However, it is also important for me to serve on committees for professional library associations. I am once again serving of the Association for College and Research Libraries’ (ACRL’s) Community and Junior College Libraries Section’s (CJCLS’) Membership and Communications committee. This year, I will be contributing to the new CJCLS blog! I will be responsible for maintaining a bibliography of scholarship written in the last five years by community and junior college librarians. A call just went out on the CJCLS listserv and on the Community and Junior College Librarians Facebook group. I can’t wait to start receiving citations!

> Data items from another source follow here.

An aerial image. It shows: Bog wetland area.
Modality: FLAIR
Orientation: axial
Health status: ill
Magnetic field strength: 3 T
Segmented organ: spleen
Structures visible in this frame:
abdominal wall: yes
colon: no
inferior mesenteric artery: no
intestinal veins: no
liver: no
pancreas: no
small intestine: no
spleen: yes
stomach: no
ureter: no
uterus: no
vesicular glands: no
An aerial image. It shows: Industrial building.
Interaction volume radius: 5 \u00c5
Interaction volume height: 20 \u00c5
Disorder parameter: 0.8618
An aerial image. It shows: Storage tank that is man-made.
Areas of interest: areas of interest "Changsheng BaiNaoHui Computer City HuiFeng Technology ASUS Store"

I am also serving as secretary of ACRL’s Instruction Section’s (IS’) Instruction for Diverse Populations committee. We’re responsible for the Library Instruction for Diverse Populations Bibliography.  I will be revising, maintaining, and adding scholarship to the Native American Students and Nontraditional Students sections. I am very excited about this work since I am one of the only community college librarians on this committee. It has also been a long time since I have done this kind of literature review work, so I am thankful to get my feet wet again with an established project.

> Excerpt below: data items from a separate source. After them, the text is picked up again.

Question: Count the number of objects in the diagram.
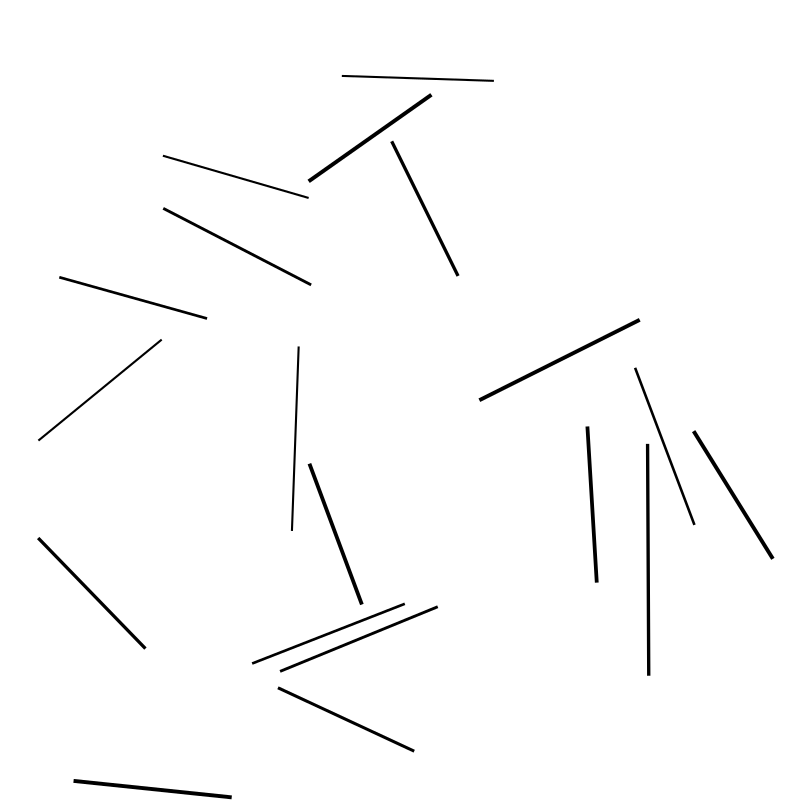
Answer: 19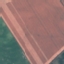
Land use / land cover class: AnnualCrop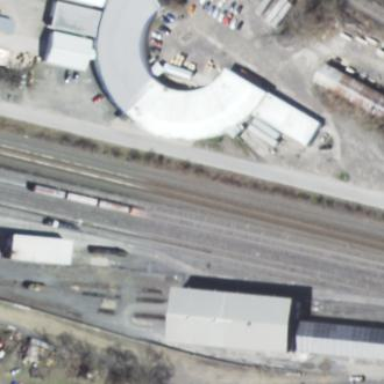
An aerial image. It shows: Building that serves as railway roundhouse.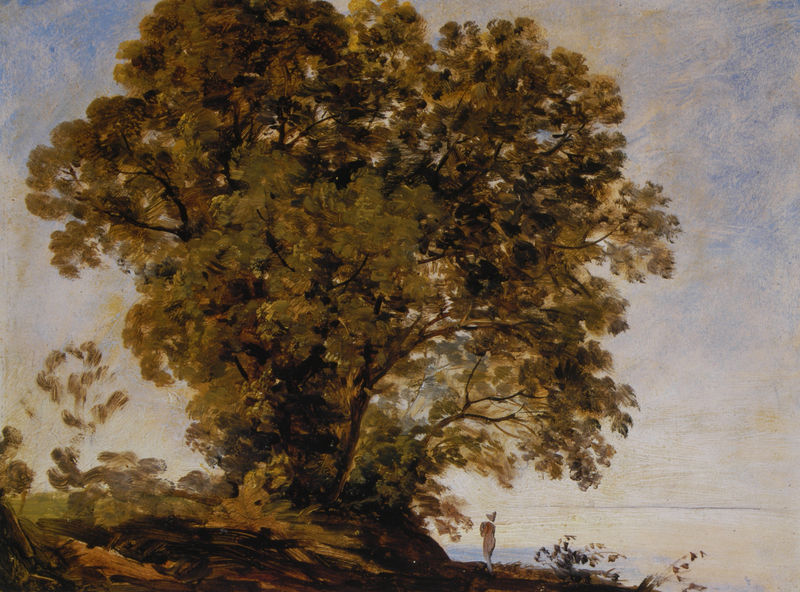
Titel: Eichen auf der Insel im Staffelsee
Künstler: Johann Georg von Dillis
Institution: (Privatbesitz)
Schlagwörter: baum, blau, blätter, gemälde, himmel, laub, mann, meer, wasser, weiß, fluss, gelb, grün, impressionismus, landschaft, ocker, see, ufer, äste, abend, ausschnitt, blumen, braun, bunt, frau, grau, hut, licht, schwarz, skizze, blick, gras, rasen, rot, wiese, beige, mensch, öl, ast, einsamkeit, erde, horizont, natur, strauch, weide, weite, zweige, busch, büsche, gewässer, pastos, pfad, figur, mantel, kind, blatt, person, pflanze, pflanzen, england, aussicht, küste, abhang, dunst, farbe, klein, landschaftsmalerei, herbst, idylle, romantik, luft, staffage, duktus, detail, wandern, zweig, rückenfigur, groß, dreispitz, laubbaum, pinselstrich, unterholz, sehnsucht, geäst, wanderer, tonig, ölskizze, locker, caspar david friedrich, friedrich, lilien, zeige, abendlicht, trauerweide, böcklin, wuchtig, akryl, baumstudie, hutt

I am continuing my involvement with ACRL’s Library Marketing and Outreach interest group. I tried to get something going here in the Central Valley last year, but for one reason or another, it didn’t take. I need to give it some more thought as far as trying to establish something here, but it may just be that I join the Northern California team. I get so much inspiration from LMO’s Facebook group. The support and energy there has been great. They even inspired me to submit my DIY work to LibrarianDesignShare.org, and I have always been shy about these kinds of things. (I’ll have more news on this front in another post…)

I promise I am not overdoing it, but I also will be contributing to the Two Year Talk blog.

This is going to be an eventful year! I’m excited to stretch my wings a little more.

LexisNexis Academic Webinars

This year, I am making good on my goal to actually watch webinars when they happen and/or watching the archived recording during the same week (or at least month!) I receive access to it. I have a few saved from last fall and spring semesters that I need to watch.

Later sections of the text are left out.